-
Notifications
You must be signed in to change notification settings - Fork 615
[Improve]: clarify ConditionQuery.condition() semantics for missing, conflicting, and multi-value conditions #2992
Description
Background
While fixing #2933, we found that ConditionQuery.condition() currently mixes multiple different semantics into a single API.
The immediate bug in #2933 has been fixed separately, but this method still has unclear behavior boundaries and several callers implicitly rely on assumptions that are not obvious from the method contract.
Current behavior
ConditionQuery.condition(Object key) may currently produce different kinds of results depending on how conditions are stored:
-
Return
null- when there is no condition for the given key
-
Return
null- when conditions exist for the key, but the intersection becomes empty
-
Return a single value
- for example, a single
EQ
- for example, a single
-
Return the whole
INlist- when there is one
INcondition and noEQ
- when there is one
-
Throw
IllegalStateException- when the intersection still contains multiple candidates
That means the same method is currently used for:
- raw condition lookup
- unique-value extraction
- empty-intersection signaling
- multi-value conflict signaling
Why this is a problem
These states are semantically different, but the API does not distinguish them clearly.
For example:
ConditionQuery q1 = new ConditionQuery(HugeType.EDGE); // no LABEL condition ConditionQuery q2 = new ConditionQuery(HugeType.EDGE); q2.eq(HugeKeys.LABEL, label1); q2.eq(HugeKeys.LABEL, label2); // conflicting LABEL conditions, intersection is empty
Both of these may currently lead to:
q1.condition(HugeKeys.LABEL) == null q2.condition(HugeKeys.LABEL) == null
But they do not mean the same thing:
q1: no such condition existsq2: the condition exists, but it is contradictory
Also, for LABEL, the method can return a raw IN list in some cases, even though many callers use it as if it were always either a unique Id or null.
Evidence in current code
LABEL can be stored as IN
Multi-label edge queries are constructed like this:
query.query(Condition.in(HugeKeys.LABEL, edgeLabels));
See:
GraphTransaction.constructEdgesQuery(...)

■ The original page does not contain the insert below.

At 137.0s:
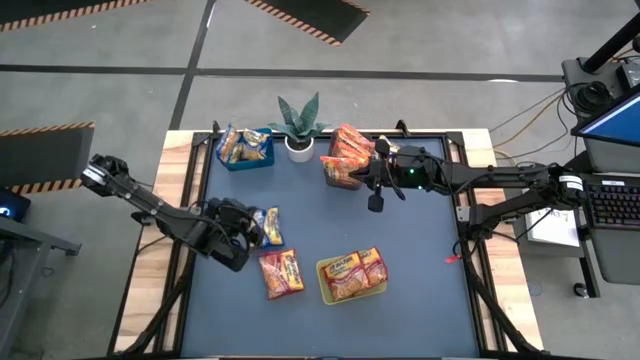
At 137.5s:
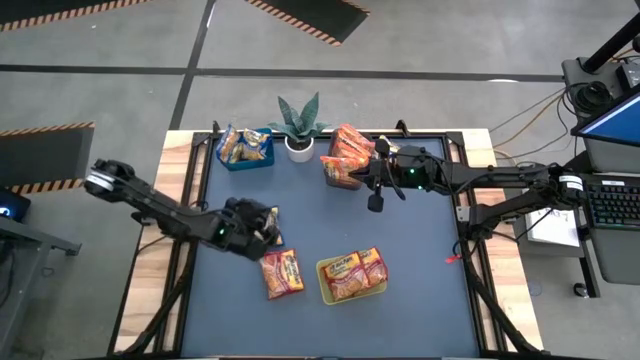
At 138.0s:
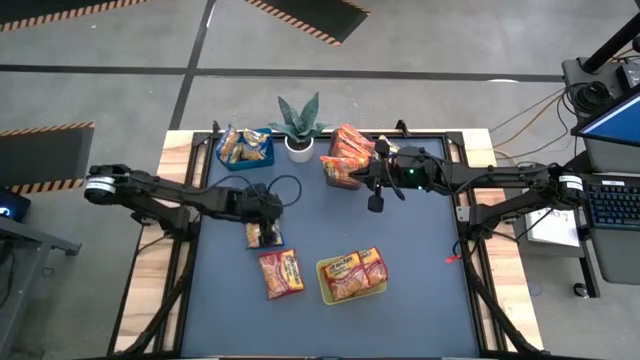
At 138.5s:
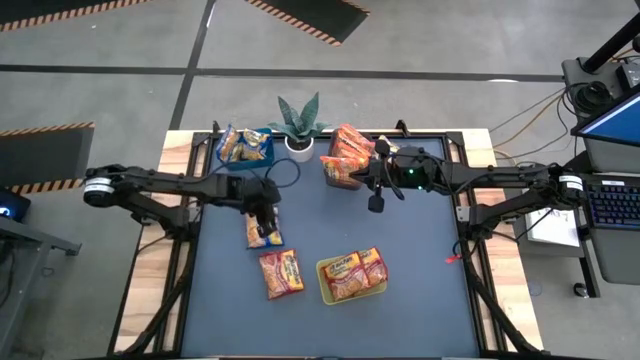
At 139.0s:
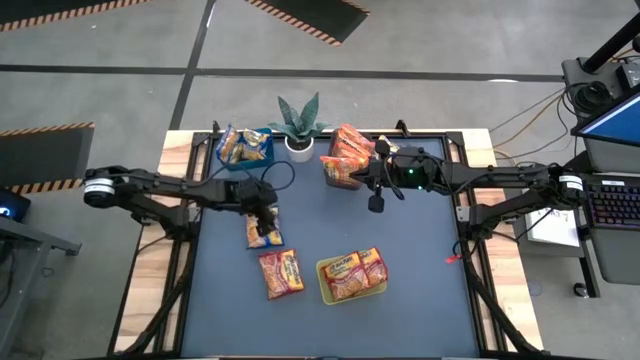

many callers assume unique label or null
Examples:
GraphTransaction.matchPartialEdgeSortKeys(...)GraphIndexTransaction.queryByLabel(...)BinarySerializer.writeQueryEdgePrefix(...)HugeTraverser
These call sites typically do:
Id label = query.condition(HugeKeys.LABEL);
which means they implicitly expect condition(HugeKeys.LABEL) to behave like a "resolved unique label" API, not a raw condition accessor.
Suggested direction
This issue is not about changing behavior immediately in a bugfix PR. It is about clarifying and improving the API contract.
Possible follow-up directions:
-
Split responsibilities into different APIs
- one API for raw condition retrieval
- one API for unique-value resolution / intersection result
-
Introduce an explicit result type
- absent
- unique value
- empty intersection
- multiple values
-
Audit call sites of
condition(HugeKeys.LABEL)- identify which ones want raw values
- identify which ones want a unique resolved label
- remove reliance on ambiguous
nullsemantics
Scope
This issue is a follow-up design / refactor task exposed by the fix for #2933.
Related:
- [Bug] Unexpected "Illegal key 'LABEL'..." happens #2933
- PR fix(query): handle conflicting edge label conditions safely #2990
I’d be happy to follow up on this as a separate improvement issue and work on a later refinement PR.